# About this exercise:
Every single line below has to be printed once more, exactly.
Records to use Block Start
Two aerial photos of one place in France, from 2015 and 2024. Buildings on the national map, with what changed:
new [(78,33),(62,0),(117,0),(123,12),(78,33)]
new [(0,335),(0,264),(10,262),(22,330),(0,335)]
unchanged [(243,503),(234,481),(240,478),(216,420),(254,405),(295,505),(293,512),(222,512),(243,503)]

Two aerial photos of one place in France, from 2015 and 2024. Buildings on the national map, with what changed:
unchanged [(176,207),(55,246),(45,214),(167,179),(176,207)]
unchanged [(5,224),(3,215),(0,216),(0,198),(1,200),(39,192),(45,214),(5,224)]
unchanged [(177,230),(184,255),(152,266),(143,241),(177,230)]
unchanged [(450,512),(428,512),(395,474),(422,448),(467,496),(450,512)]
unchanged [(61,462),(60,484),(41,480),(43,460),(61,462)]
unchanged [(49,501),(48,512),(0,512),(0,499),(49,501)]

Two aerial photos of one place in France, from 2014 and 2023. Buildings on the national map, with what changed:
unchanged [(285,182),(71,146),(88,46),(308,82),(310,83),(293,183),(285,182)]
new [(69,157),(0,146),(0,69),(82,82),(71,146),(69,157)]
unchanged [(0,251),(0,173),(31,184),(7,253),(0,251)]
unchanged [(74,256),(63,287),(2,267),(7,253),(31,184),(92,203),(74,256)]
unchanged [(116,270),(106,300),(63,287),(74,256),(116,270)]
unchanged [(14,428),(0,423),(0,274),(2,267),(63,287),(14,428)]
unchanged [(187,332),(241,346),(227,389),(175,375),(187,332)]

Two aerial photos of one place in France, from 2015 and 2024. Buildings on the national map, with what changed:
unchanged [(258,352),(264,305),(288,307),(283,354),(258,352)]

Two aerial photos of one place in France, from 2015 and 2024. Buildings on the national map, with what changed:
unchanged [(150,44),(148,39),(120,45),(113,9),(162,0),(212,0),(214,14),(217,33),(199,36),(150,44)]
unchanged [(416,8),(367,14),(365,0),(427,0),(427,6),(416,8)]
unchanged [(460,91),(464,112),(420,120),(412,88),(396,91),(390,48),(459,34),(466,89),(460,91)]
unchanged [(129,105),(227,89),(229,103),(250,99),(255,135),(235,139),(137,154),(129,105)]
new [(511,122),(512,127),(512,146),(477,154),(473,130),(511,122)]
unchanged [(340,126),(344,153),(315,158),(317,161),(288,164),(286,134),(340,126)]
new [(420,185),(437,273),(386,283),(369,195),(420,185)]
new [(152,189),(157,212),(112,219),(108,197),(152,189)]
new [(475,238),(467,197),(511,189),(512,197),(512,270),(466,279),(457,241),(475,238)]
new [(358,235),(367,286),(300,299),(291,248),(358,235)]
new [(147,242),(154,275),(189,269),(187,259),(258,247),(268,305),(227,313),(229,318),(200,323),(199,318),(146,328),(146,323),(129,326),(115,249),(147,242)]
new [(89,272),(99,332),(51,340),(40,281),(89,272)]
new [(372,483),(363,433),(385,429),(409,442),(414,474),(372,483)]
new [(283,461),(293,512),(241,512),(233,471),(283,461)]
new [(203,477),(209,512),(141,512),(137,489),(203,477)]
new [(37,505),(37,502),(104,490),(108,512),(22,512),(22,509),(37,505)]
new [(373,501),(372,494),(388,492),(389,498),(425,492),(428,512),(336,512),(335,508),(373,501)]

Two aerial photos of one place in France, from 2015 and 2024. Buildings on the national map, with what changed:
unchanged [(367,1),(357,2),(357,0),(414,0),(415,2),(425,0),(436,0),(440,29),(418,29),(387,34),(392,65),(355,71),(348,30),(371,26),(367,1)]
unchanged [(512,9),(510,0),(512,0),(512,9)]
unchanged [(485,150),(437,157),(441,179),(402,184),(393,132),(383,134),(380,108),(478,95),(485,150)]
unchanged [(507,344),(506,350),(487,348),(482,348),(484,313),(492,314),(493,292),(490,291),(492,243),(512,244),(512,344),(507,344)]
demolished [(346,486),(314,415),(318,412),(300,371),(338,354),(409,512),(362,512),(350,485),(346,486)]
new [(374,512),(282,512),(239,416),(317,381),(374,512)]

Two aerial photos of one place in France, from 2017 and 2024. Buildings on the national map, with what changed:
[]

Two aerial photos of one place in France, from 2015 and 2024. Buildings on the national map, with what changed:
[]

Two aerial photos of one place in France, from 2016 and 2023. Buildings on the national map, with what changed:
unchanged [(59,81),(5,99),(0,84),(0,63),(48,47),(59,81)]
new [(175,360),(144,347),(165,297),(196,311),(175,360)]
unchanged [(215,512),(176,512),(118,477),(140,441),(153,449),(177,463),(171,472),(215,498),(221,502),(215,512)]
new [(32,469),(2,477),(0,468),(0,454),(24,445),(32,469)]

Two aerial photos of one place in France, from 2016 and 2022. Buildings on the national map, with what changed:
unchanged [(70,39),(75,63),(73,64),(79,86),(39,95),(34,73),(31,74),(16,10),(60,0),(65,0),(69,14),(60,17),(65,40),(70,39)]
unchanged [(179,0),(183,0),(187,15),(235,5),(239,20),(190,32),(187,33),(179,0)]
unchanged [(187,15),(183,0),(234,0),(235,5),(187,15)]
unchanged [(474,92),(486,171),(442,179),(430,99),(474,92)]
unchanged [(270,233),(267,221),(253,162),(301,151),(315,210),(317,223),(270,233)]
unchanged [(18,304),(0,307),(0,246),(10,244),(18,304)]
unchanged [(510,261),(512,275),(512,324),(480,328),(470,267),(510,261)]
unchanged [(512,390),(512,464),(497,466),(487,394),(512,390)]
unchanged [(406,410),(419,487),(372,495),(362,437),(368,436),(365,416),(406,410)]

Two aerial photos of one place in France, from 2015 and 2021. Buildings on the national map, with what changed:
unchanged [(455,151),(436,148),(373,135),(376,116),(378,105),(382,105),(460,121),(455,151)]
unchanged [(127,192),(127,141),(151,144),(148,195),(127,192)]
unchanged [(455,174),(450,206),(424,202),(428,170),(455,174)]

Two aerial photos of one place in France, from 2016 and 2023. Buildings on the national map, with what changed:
Records to use Block End
# Exercise result:
Two aerial photos of one place in France, from 2015 and 2024. Buildings on the national map, with what changed:
new [(78,33),(62,0),(117,0),(123,12),(78,33)]
new [(0,335),(0,264),(10,262),(22,330),(0,335)]
unchanged [(243,503),(234,481),(240,478),(216,420),(254,405),(295,505),(293,512),(222,512),(243,503)]

Two aerial photos of one place in France, from 2015 and 2024. Buildings on the national map, with what changed:
unchanged [(176,207),(55,246),(45,214),(167,179),(176,207)]
unchanged [(5,224),(3,215),(0,216),(0,198),(1,200),(39,192),(45,214),(5,224)]
unchanged [(177,230),(184,255),(152,266),(143,241),(177,230)]
unchanged [(450,512),(428,512),(395,474),(422,448),(467,496),(450,512)]
unchanged [(61,462),(60,484),(41,480),(43,460),(61,462)]
unchanged [(49,501),(48,512),(0,512),(0,499),(49,501)]

Two aerial photos of one place in France, from 2014 and 2023. Buildings on the national map, with what changed:
unchanged [(285,182),(71,146),(88,46),(308,82),(310,83),(293,183),(285,182)]
new [(69,157),(0,146),(0,69),(82,82),(71,146),(69,157)]
unchanged [(0,251),(0,173),(31,184),(7,253),(0,251)]
unchanged [(74,256),(63,287),(2,267),(7,253),(31,184),(92,203),(74,256)]
unchanged [(116,270),(106,300),(63,287),(74,256),(116,270)]
unchanged [(14,428),(0,423),(0,274),(2,267),(63,287),(14,428)]
unchanged [(187,332),(241,346),(227,389),(175,375),(187,332)]

Two aerial photos of one place in France, from 2015 and 2024. Buildings on the national map, with what changed:
unchanged [(258,352),(264,305),(288,307),(283,354),(258,352)]

Two aerial photos of one place in France, from 2015 and 2024. Buildings on the national map, with what changed:
unchanged [(150,44),(148,39),(120,45),(113,9),(162,0),(212,0),(214,14),(217,33),(199,36),(150,44)]
unchanged [(416,8),(367,14),(365,0),(427,0),(427,6),(416,8)]
unchanged [(460,91),(464,112),(420,120),(412,88),(396,91),(390,48),(459,34),(466,89),(460,91)]
unchanged [(129,105),(227,89),(229,103),(250,99),(255,135),(235,139),(137,154),(129,105)]
new [(511,122),(512,127),(512,146),(477,154),(473,130),(511,122)]
unchanged [(340,126),(344,153),(315,158),(317,161),(288,164),(286,134),(340,126)]
new [(420,185),(437,273),(386,283),(369,195),(420,185)]
new [(152,189),(157,212),(112,219),(108,197),(152,189)]
new [(475,238),(467,197),(511,189),(512,197),(512,270),(466,279),(457,241),(475,238)]
new [(358,235),(367,286),(300,299),(291,248),(358,235)]
new [(147,242),(154,275),(189,269),(187,259),(258,247),(268,305),(227,313),(229,318),(200,323),(199,318),(146,328),(146,323),(129,326),(115,249),(147,242)]
new [(89,272),(99,332),(51,340),(40,281),(89,272)]
new [(372,483),(363,433),(385,429),(409,442),(414,474),(372,483)]
new [(283,461),(293,512),(241,512),(233,471),(283,461)]
new [(203,477),(209,512),(141,512),(137,489),(203,477)]
new [(37,505),(37,502),(104,490),(108,512),(22,512),(22,509),(37,505)]
new [(373,501),(372,494),(388,492),(389,498),(425,492),(428,512),(336,512),(335,508),(373,501)]

Two aerial photos of one place in France, from 2015 and 2024. Buildings on the national map, with what changed:
unchanged [(367,1),(357,2),(357,0),(414,0),(415,2),(425,0),(436,0),(440,29),(418,29),(387,34),(392,65),(355,71),(348,30),(371,26),(367,1)]
unchanged [(512,9),(510,0),(512,0),(512,9)]
unchanged [(485,150),(437,157),(441,179),(402,184),(393,132),(383,134),(380,108),(478,95),(485,150)]
unchanged [(507,344),(506,350),(487,348),(482,348),(484,313),(492,314),(493,292),(490,291),(492,243),(512,244),(512,344),(507,344)]
demolished [(346,486),(314,415),(318,412),(300,371),(338,354),(409,512),(362,512),(350,485),(346,486)]
new [(374,512),(282,512),(239,416),(317,381),(374,512)]

Two aerial photos of one place in France, from 2017 and 2024. Buildings on the national map, with what changed:
[]

Two aerial photos of one place in France, from 2015 and 2024. Buildings on the national map, with what changed:
[]

Two aerial photos of one place in France, from 2016 and 2023. Buildings on the national map, with what changed:
unchanged [(59,81),(5,99),(0,84),(0,63),(48,47),(59,81)]
new [(175,360),(144,347),(165,297),(196,311),(175,360)]
unchanged [(215,512),(176,512),(118,477),(140,441),(153,449),(177,463),(171,472),(215,498),(221,502),(215,512)]
new [(32,469),(2,477),(0,468),(0,454),(24,445),(32,469)]

Two aerial photos of one place in France, from 2016 and 2022. Buildings on the national map, with what changed:
unchanged [(70,39),(75,63),(73,64),(79,86),(39,95),(34,73),(31,74),(16,10),(60,0),(65,0),(69,14),(60,17),(65,40),(70,39)]
unchanged [(179,0),(183,0),(187,15),(235,5),(239,20),(190,32),(187,33),(179,0)]
unchanged [(187,15),(183,0),(234,0),(235,5),(187,15)]
unchanged [(474,92),(486,171),(442,179),(430,99),(474,92)]
unchanged [(270,233),(267,221),(253,162),(301,151),(315,210),(317,223),(270,233)]
unchanged [(18,304),(0,307),(0,246),(10,244),(18,304)]
unchanged [(510,261),(512,275),(512,324),(480,328),(470,267),(510,261)]
unchanged [(512,390),(512,464),(497,466),(487,394),(512,390)]
unchanged [(406,410),(419,487),(372,495),(362,437),(368,436),(365,416),(406,410)]

Two aerial photos of one place in France, from 2015 and 2021. Buildings on the national map, with what changed:
unchanged [(455,151),(436,148),(373,135),(376,116),(378,105),(382,105),(460,121),(455,151)]
unchanged [(127,192),(127,141),(151,144),(148,195),(127,192)]
unchanged [(455,174),(450,206),(424,202),(428,170),(455,174)]

Two aerial photos of one place in France, from 2016 and 2023. Buildings on the national map, with what changed:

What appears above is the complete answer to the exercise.